Literature DB >> 34052883

Genome-wide association mapping of the 'super-soft' kernel texture in white winter wheat.

Meriem Aoun1, Arron H Carter1, Brian P Ward2,3, Craig F Morris4.   

Abstract

KEY MESSAGE: The novel super-soft kernel phenotype has the potential to improve wheat processing and flour quality. We identified genomic regions associated with this kernel texture in white winter wheat. Grain hardness is a key determinant of wheat milling and baking quality. The recently discovered 'super-soft' kernel phenotype has the potential to improve wheat processing and flour quality. However, the genetic basis underlying the super-soft trait in wheat is not yet well understood. In this study, we investigated the phenotypic and genotypic structure of the super-soft trait in a collection of 172 advanced soft white winter wheat breeding lines and cultivars adapted to the Pacific Northwest region of the USA. This collection had a continuous distribution for grain hardness index (single-kernel characterization system). Ten super-soft genotypes showed hardness index ≤ 12 including the cultivar Jasper. Over 98,000 SNP markers from genotyping-by-sequencing were used for association mapping (GWAS). The GWAS identified 20 significant markers associated with grain hardness.

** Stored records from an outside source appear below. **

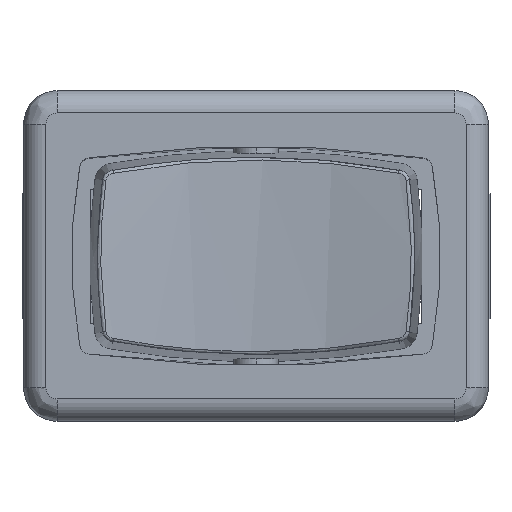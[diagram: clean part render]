
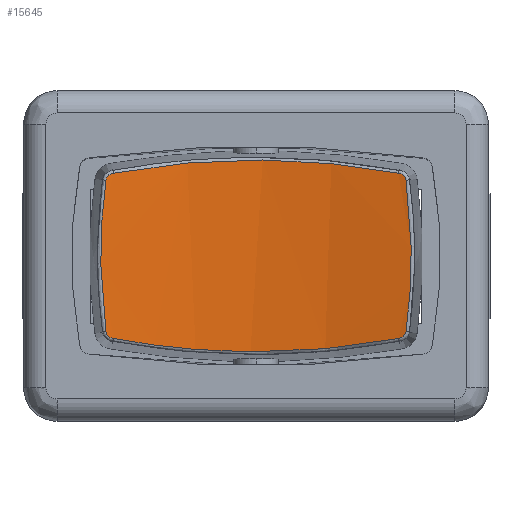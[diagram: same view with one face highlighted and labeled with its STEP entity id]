
A CAD part, top view. The second image highlights one B-rep face of the part: STEP entity #15645.
In plain terms, the highlighted cylindrical face has radius 25.996 mm (diameter 51.992 mm), a partial arc.
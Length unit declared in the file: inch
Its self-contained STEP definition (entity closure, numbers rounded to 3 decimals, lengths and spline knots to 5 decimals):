
#1011=FACE_OUTER_BOUND('',#1893,.T.);
#1893=EDGE_LOOP('',(#11088,#11089,#11090,#11091,#11092,#11093,#11094,#11095));
#2910=B_SPLINE_CURVE_WITH_KNOTS('',3,(#20716,#20717,#20718,#20719,#20720,
#20721,#20722,#20723,#20724,#20725),.UNSPECIFIED.,.F.,.F.,(4,3,3,4),(0.,
0.24966,0.49931,0.67668),.UNSPECIFIED.);
#2912=B_SPLINE_CURVE_WITH_KNOTS('',3,(#20773,#20774,#20775,#20776,#20777),
 .UNSPECIFIED.,.F.,.F.,(4,1,4),(-0.28373,-0.258,-0.23228),
 .UNSPECIFIED.);
#2914=B_SPLINE_CURVE_WITH_KNOTS('',3,(#20809,#20810,#20811,#20812,#20813),
 .UNSPECIFIED.,.F.,.F.,(4,1,4),(0.09322,0.64981,1.39192),
 .UNSPECIFIED.);
#2917=B_SPLINE_CURVE_WITH_KNOTS('',3,(#20871,#20872,#20873,#20874,#20875),
 .UNSPECIFIED.,.F.,.F.,(4,1,4),(0.09322,0.83534,1.39192),
 .UNSPECIFIED.);
#2921=B_SPLINE_CURVE_WITH_KNOTS('',3,(#20969,#20970,#20971,#20972,#20973),
 .UNSPECIFIED.,.F.,.F.,(4,1,4),(-0.28373,-0.258,-0.23228),
 .UNSPECIFIED.);
#2923=B_SPLINE_CURVE_WITH_KNOTS('',3,(#21005,#21006,#21007,#21008,#21009,
#21010,#21011,#21012,#21013,#21014),.UNSPECIFIED.,.F.,.F.,(4,3,3,4),(0.,
0.24966,0.49931,0.67668),.UNSPECIFIED.);
#2925=B_SPLINE_CURVE_WITH_KNOTS('',3,(#21045,#21046,#21047,#21048,#21049),
 .UNSPECIFIED.,.F.,.F.,(4,1,4),(0.,0.02573,0.05145),
 .UNSPECIFIED.);
#2927=B_SPLINE_CURVE_WITH_KNOTS('',3,(#21080,#21081,#21082,#21083,#21084),
 .UNSPECIFIED.,.F.,.F.,(4,1,4),(-0.23228,-0.20655,-0.18083),
 .UNSPECIFIED.);
#6915=VERTEX_POINT('',#20709);
#6918=VERTEX_POINT('',#20714);
#6920=VERTEX_POINT('',#20752);
#6921=VERTEX_POINT('',#20808);
#6925=VERTEX_POINT('',#20869);
#6926=VERTEX_POINT('',#20870);
#6931=VERTEX_POINT('',#20968);
#6933=VERTEX_POINT('',#21001);
#8547=EDGE_CURVE('',#6918,#6915,#2910,.T.);
#8549=EDGE_CURVE('',#6920,#6918,#2912,.T.);
#8551=EDGE_CURVE('',#6921,#6920,#2914,.T.);
#8556=EDGE_CURVE('',#6925,#6926,#2917,.T.);
#8562=EDGE_CURVE('',#6926,#6931,#2921,.T.);
#8567=EDGE_CURVE('',#6931,#6933,#2923,.T.);
#8569=EDGE_CURVE('',#6933,#6921,#2925,.T.);
#8571=EDGE_CURVE('',#6915,#6925,#2927,.T.);
#11088=ORIENTED_EDGE('',*,*,#8556,.F.);
#11089=ORIENTED_EDGE('',*,*,#8571,.F.);
#11090=ORIENTED_EDGE('',*,*,#8547,.F.);
#11091=ORIENTED_EDGE('',*,*,#8549,.F.);
#11092=ORIENTED_EDGE('',*,*,#8551,.F.);
#11093=ORIENTED_EDGE('',*,*,#8569,.F.);
#11094=ORIENTED_EDGE('',*,*,#8567,.F.);
#11095=ORIENTED_EDGE('',*,*,#8562,.F.);
#15535=CYLINDRICAL_SURFACE('',#16584,1.02347);
#15645=ADVANCED_FACE('',(#1011),#15535,.F.);
#16584=AXIS2_PLACEMENT_3D('',#21124,#17526,#17527);
#17526=DIRECTION('center_axis',(0.,-1.,0.));
#17527=DIRECTION('ref_axis',(-0.275,0.,0.962));
#20709=CARTESIAN_POINT('',(0.26437,-0.1332,0.71388));
#20714=CARTESIAN_POINT('',(0.26437,0.1332,0.71388));
#20716=CARTESIAN_POINT('Ctrl Pts',(0.26437,0.1332,
0.71388));
#20717=CARTESIAN_POINT('Ctrl Pts',(0.26888,0.10078,0.71509));
#20718=CARTESIAN_POINT('Ctrl Pts',(0.27172,0.06798,
0.71588));
#20719=CARTESIAN_POINT('Ctrl Pts',(0.2729,0.03508,
0.7162));
#20720=CARTESIAN_POINT('Ctrl Pts',(0.27408,0.00219,
0.71653));
#20721=CARTESIAN_POINT('Ctrl Pts',(0.2736,-0.03081,
0.71639));
#20722=CARTESIAN_POINT('Ctrl Pts',(0.27146,-0.06363,
0.7158));
#20723=CARTESIAN_POINT('Ctrl Pts',(0.26994,-0.08694,
0.71539));
#20724=CARTESIAN_POINT('Ctrl Pts',(0.26758,-0.11017,
0.71474));
#20725=CARTESIAN_POINT('Ctrl Pts',(0.26437,-0.1332,
0.71388));
#20752=CARTESIAN_POINT('',(0.25079,0.1456,0.71035));
#20773=CARTESIAN_POINT('Ctrl Pts',(0.25079,0.1456,
0.71035));
#20774=CARTESIAN_POINT('Ctrl Pts',(0.25405,0.14546,
0.71117));
#20775=CARTESIAN_POINT('Ctrl Pts',(0.26049,0.14287,0.71284));
#20776=CARTESIAN_POINT('Ctrl Pts',(0.26391,0.13655,
0.71376));
#20777=CARTESIAN_POINT('Ctrl Pts',(0.26437,0.1332,
0.71388));
#20808=CARTESIAN_POINT('',(-0.25079,0.1456,0.71035));
#20809=CARTESIAN_POINT('Ctrl Pts',(-0.25079,0.1456,
0.71035));
#20810=CARTESIAN_POINT('Ctrl Pts',(-0.18137,0.15871,
0.69281));
#20811=CARTESIAN_POINT('Ctrl Pts',(-0.01267,0.17724,
0.66841));
#20812=CARTESIAN_POINT('Ctrl Pts',(0.15824,0.16308,0.68696));
#20813=CARTESIAN_POINT('Ctrl Pts',(0.25079,0.1456,0.71035));
#20869=CARTESIAN_POINT('',(0.25079,-0.1456,0.71035));
#20870=CARTESIAN_POINT('',(-0.25079,-0.1456,0.71035));
#20871=CARTESIAN_POINT('Ctrl Pts',(0.25079,-0.1456,
0.71035));
#20872=CARTESIAN_POINT('Ctrl Pts',(0.15824,-0.16308,
0.68696));
#20873=CARTESIAN_POINT('Ctrl Pts',(-0.01267,-0.17724,
0.66841));
#20874=CARTESIAN_POINT('Ctrl Pts',(-0.18137,-0.15871,
0.69281));
#20875=CARTESIAN_POINT('Ctrl Pts',(-0.25079,-0.1456,
0.71035));
#20968=CARTESIAN_POINT('',(-0.26437,-0.1332,0.71388));
#20969=CARTESIAN_POINT('Ctrl Pts',(-0.25079,-0.1456,
0.71035));
#20970=CARTESIAN_POINT('Ctrl Pts',(-0.25405,-0.14546,
0.71117));
#20971=CARTESIAN_POINT('Ctrl Pts',(-0.26049,-0.14287,
0.71284));
#20972=CARTESIAN_POINT('Ctrl Pts',(-0.26391,-0.13655,
0.71376));
#20973=CARTESIAN_POINT('Ctrl Pts',(-0.26437,-0.1332,
0.71388));
#21001=CARTESIAN_POINT('',(-0.26437,0.1332,0.71388));
#21005=CARTESIAN_POINT('Ctrl Pts',(-0.26437,-0.1332,
0.71388));
#21006=CARTESIAN_POINT('Ctrl Pts',(-0.26888,-0.10078,
0.71509));
#21007=CARTESIAN_POINT('Ctrl Pts',(-0.27172,-0.06798,
0.71588));
#21008=CARTESIAN_POINT('Ctrl Pts',(-0.2729,-0.03508,
0.7162));
#21009=CARTESIAN_POINT('Ctrl Pts',(-0.27408,-0.00219,
0.71653));
#21010=CARTESIAN_POINT('Ctrl Pts',(-0.2736,0.03081,
0.71639));
#21011=CARTESIAN_POINT('Ctrl Pts',(-0.27146,0.06363,
0.7158));
#21012=CARTESIAN_POINT('Ctrl Pts',(-0.26994,0.08694,
0.71539));
#21013=CARTESIAN_POINT('Ctrl Pts',(-0.26758,0.11017,
0.71474));
#21014=CARTESIAN_POINT('Ctrl Pts',(-0.26437,0.1332,
0.71388));
#21045=CARTESIAN_POINT('Ctrl Pts',(-0.26437,0.1332,
0.71388));
#21046=CARTESIAN_POINT('Ctrl Pts',(-0.26391,0.13655,
0.71376));
#21047=CARTESIAN_POINT('Ctrl Pts',(-0.26049,0.14287,
0.71284));
#21048=CARTESIAN_POINT('Ctrl Pts',(-0.25405,0.14546,
0.71117));
#21049=CARTESIAN_POINT('Ctrl Pts',(-0.25079,0.1456,
0.71035));
#21080=CARTESIAN_POINT('Ctrl Pts',(0.26437,-0.1332,
0.71388));
#21081=CARTESIAN_POINT('Ctrl Pts',(0.26391,-0.13655,
0.71376));
#21082=CARTESIAN_POINT('Ctrl Pts',(0.26049,-0.14287,
0.71284));
#21083=CARTESIAN_POINT('Ctrl Pts',(0.25405,-0.14546,
0.71117));
#21084=CARTESIAN_POINT('Ctrl Pts',(0.25079,-0.1456,
0.71035));
#21124=CARTESIAN_POINT('Origin',(0.,0.18596,1.70262));

These significant SNPs corresponded to seven QTL on chromosomes 2B, 3A, 3B, 5A, 6B,7A, and one unaligned chromosome. Two of these QTL, QSKhard.wql-3A and QSKhard.wql-5A, had large effects and distinguished between the normal soft and the super-soft classes. QSKhard.wql-3A and QSKhard.wql-5A reduced the hardness index by 11.7 and 13.1 on average, respectively. The remaining QTL had small effects and reduced grain hardness within the normal soft range. QSKhard.wql-2B, QSKhard.wql-3A, QSKhard.wql-3B, and QSKhard.wql-6B were not previously reported to be in genomic regions of grain hardness-related genes/QTL. The identified super-soft genotypes as well as the SNPs associated with lower grain hardness will be useful to assist breeding for this grain texture trait.
© 2021. This is a U.S. government work and not under copyright protection in the U.S.; foreign copyright protection may apply.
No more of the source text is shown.